**What the exercise asks:**
Among the entries that follow, how many lines contain the string "records"? Write the number alone.
-------- Provided material --------
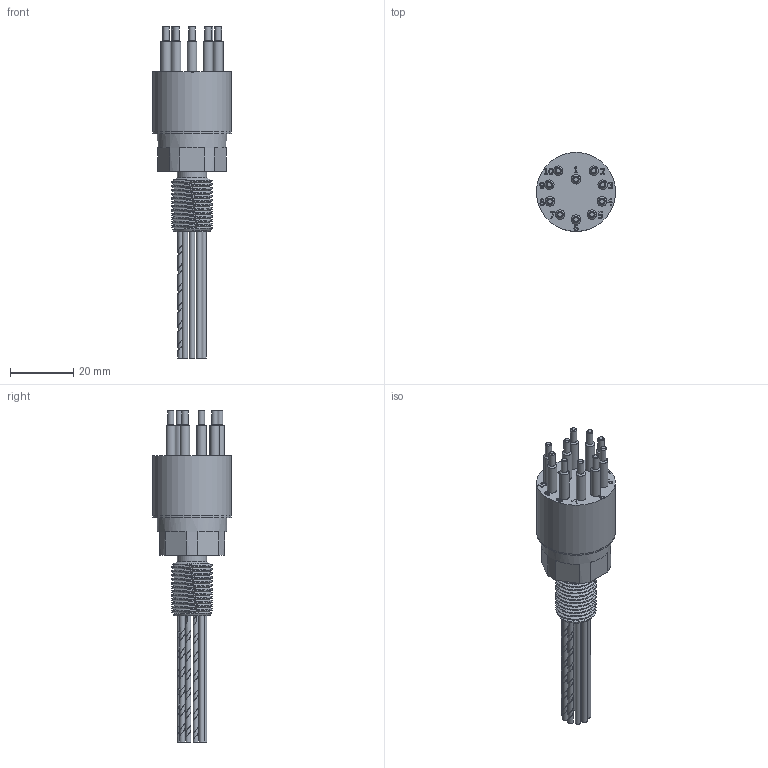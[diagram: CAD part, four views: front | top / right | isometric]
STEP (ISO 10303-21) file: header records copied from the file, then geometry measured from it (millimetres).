
FILE_DESCRIPTION(/* description */ (''),/* implementation_level */ '2;1');
FILE_NAME(/* name */ 'MCBH10M.stp',/* time_stamp */ '2014-11-25T15:03:13+01:00',/* author */ ('sh'),/* organization */ (''),/* preprocessor_version */ 'ST-DEVELOPER v15.2',/* originating_system */ 'Autodesk Inventor 2014',/* authorisation */ '');
FILE_SCHEMA (('AUTOMOTIVE_DESIGN { 1 0 10303 214 3 1 1 }'));
Length unit declared in the file: millimetre
Products named in the file (1): MCBH10M
Bounding box: 25 x 25 x 105 mm (x, y, z)
Volume: 17612.9 mm3; surface area: 7996.3 mm2
Topology: 1 solids, 1 shells, 315 faces, 774 edges, 503 vertices
Faces by surface type: plane 128, bspline 124, cylinder 41, cone 22
Full cylindrical faces by diameter (mm): 1.7 x6, 2 x10, 3 x10, 9.236 x1, 14 x1, 18.8 x1, 22 x1, 24.98 x1, 25 x1
Entity records: 14446 total; most frequent: CARTESIAN_POINT 7666, ORIENTED_EDGE 1438, DIRECTION 942, EDGE_CURVE 719, VERTEX_POINT 501, EDGE_LOOP 410, LINE 358, VECTOR 358
--------
**Response box:**
2